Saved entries
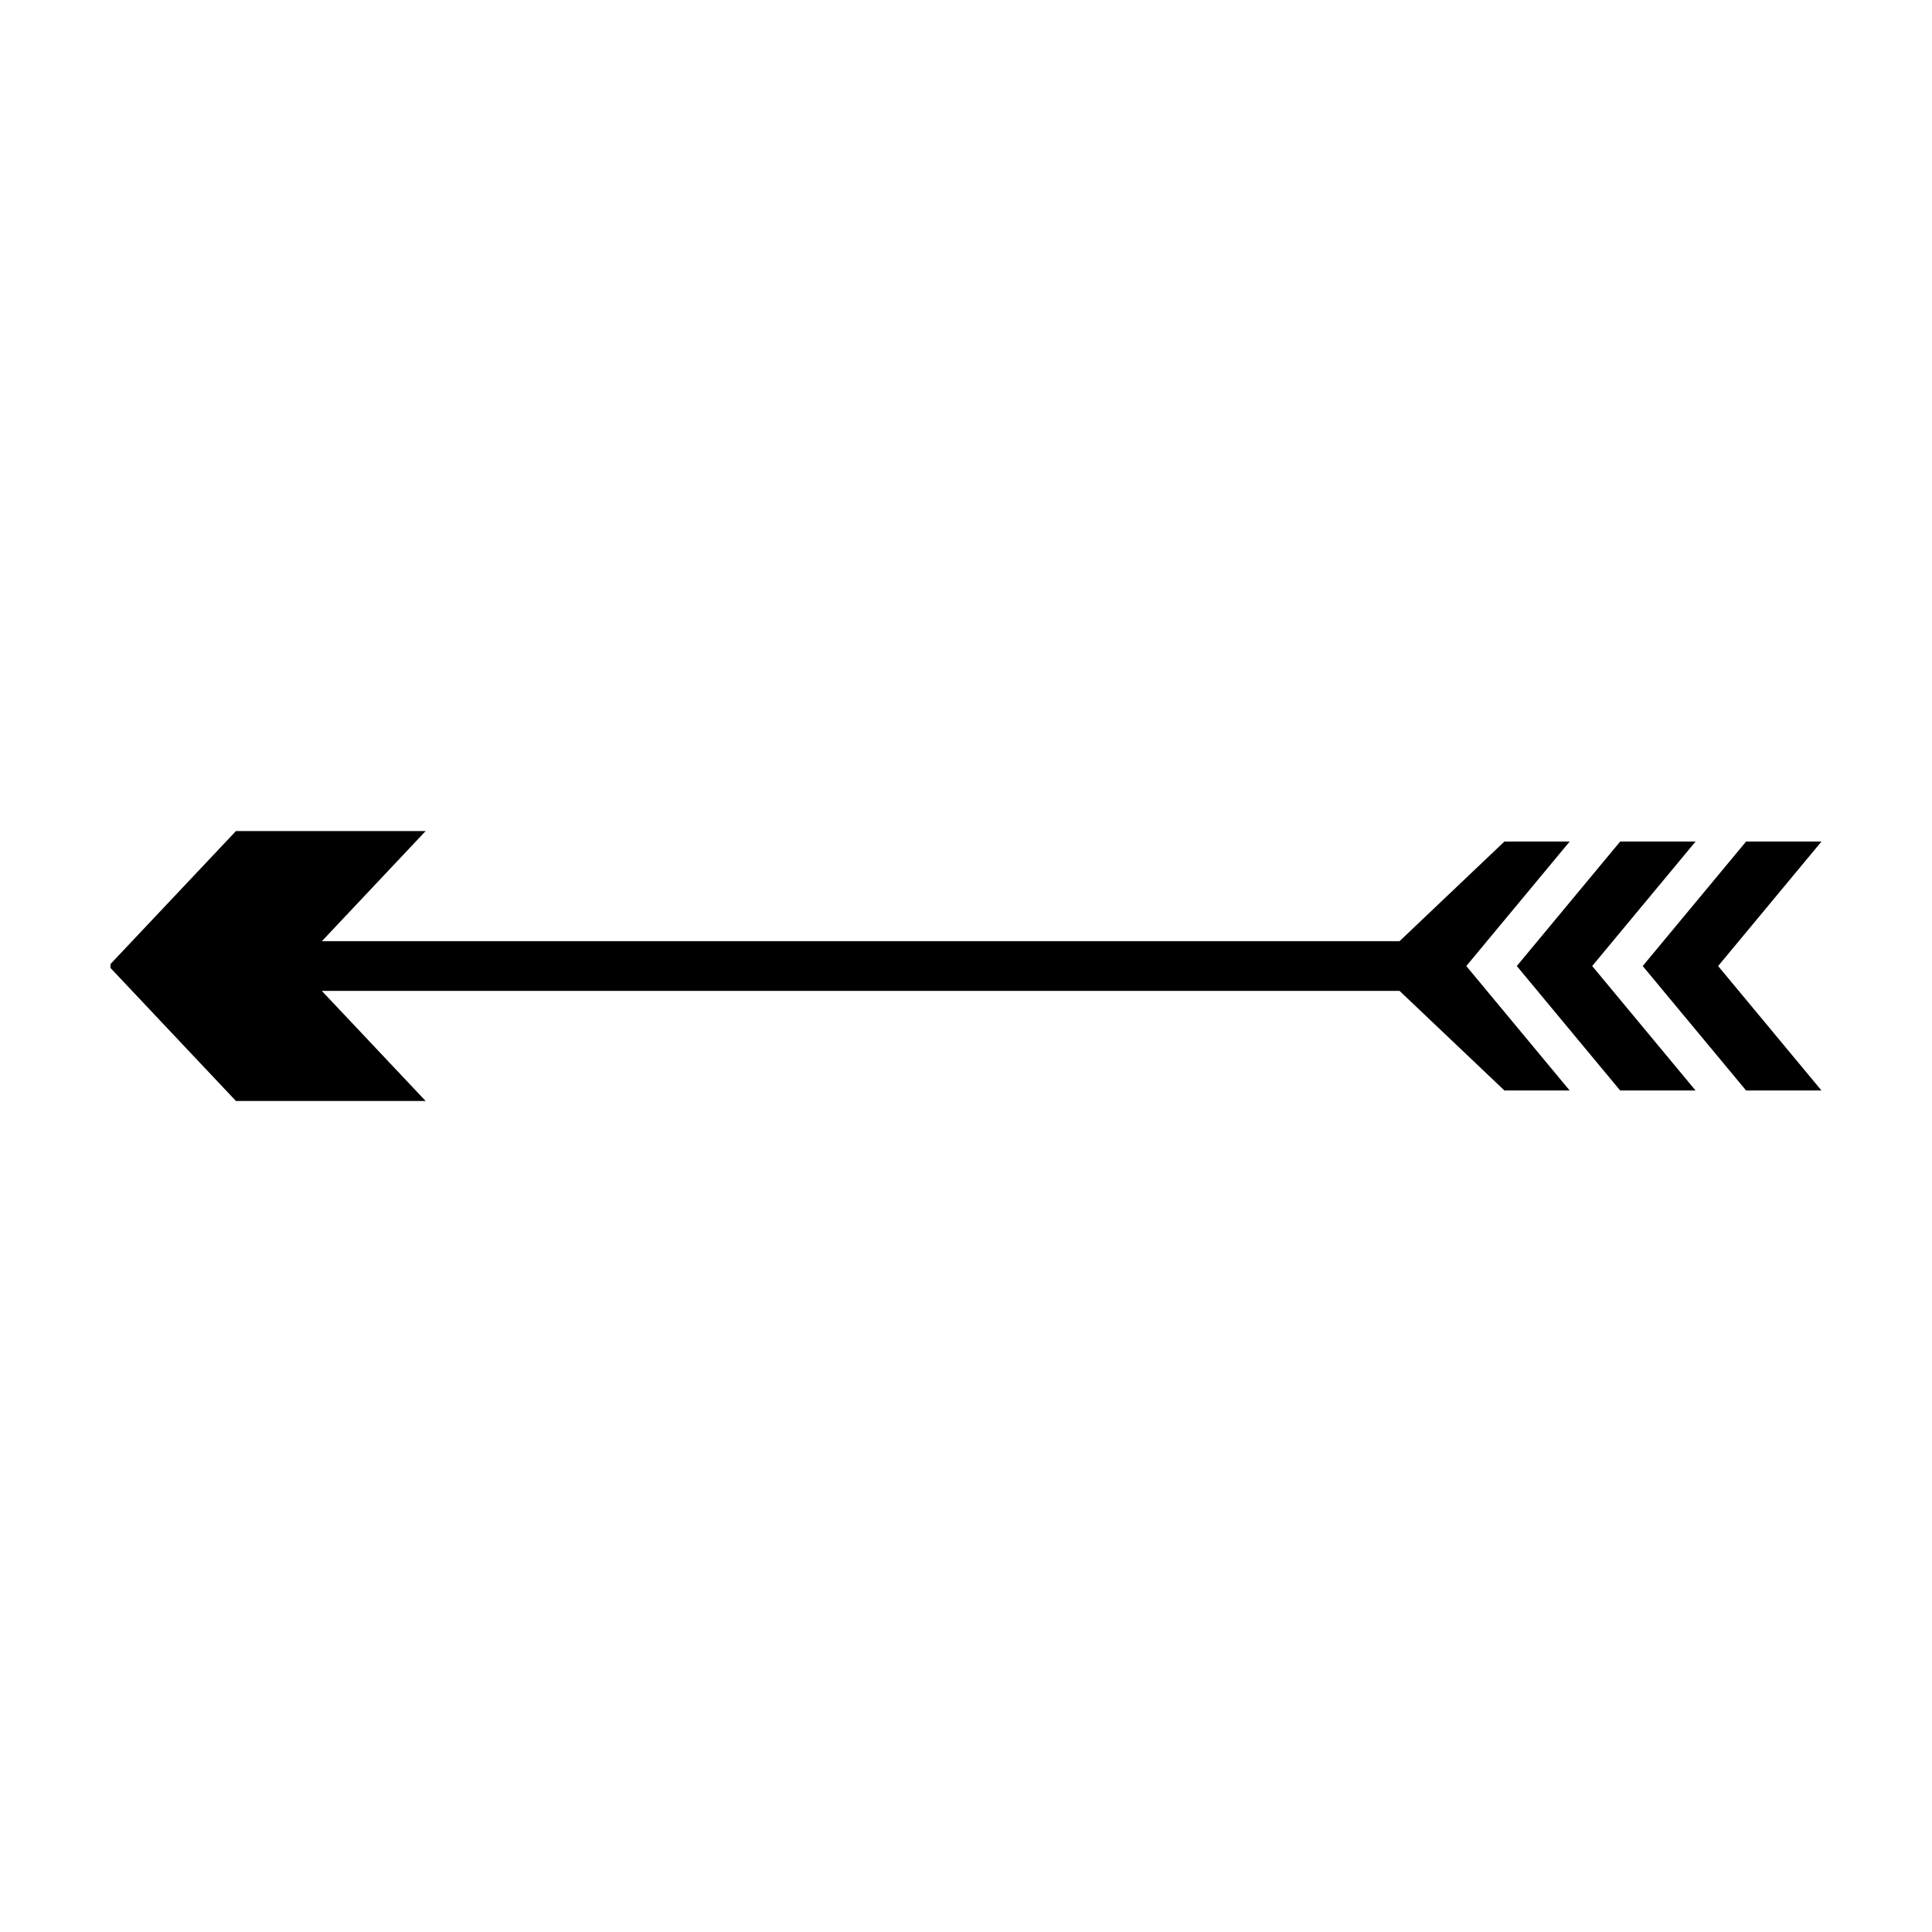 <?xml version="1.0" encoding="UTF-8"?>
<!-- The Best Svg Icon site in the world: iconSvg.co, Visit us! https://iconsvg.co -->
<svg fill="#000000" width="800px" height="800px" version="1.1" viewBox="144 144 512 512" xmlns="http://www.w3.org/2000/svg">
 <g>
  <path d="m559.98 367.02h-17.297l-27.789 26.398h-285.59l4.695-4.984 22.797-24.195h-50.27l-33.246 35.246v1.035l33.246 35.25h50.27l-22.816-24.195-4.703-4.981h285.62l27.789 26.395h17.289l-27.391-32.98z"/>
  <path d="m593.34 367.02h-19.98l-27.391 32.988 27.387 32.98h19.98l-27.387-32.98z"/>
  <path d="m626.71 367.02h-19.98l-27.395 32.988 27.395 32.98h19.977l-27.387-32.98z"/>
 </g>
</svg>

ASSIGNED TASK: Lines that hold the word "path" are the ones to copy from the entries above.

ANSWER:
  <path d="m559.98 367.02h-17.297l-27.789 26.398h-285.59l4.695-4.984 22.797-24.195h-50.27l-33.246 35.246v1.035l33.246 35.25h50.27l-22.816-24.195-4.703-4.981h285.62l27.789 26.395h17.289l-27.391-32.98z"/>
  <path d="m593.34 367.02h-19.98l-27.391 32.988 27.387 32.98h19.98l-27.387-32.98z"/>
  <path d="m626.71 367.02h-19.98l-27.395 32.988 27.395 32.98h19.977l-27.387-32.98z"/>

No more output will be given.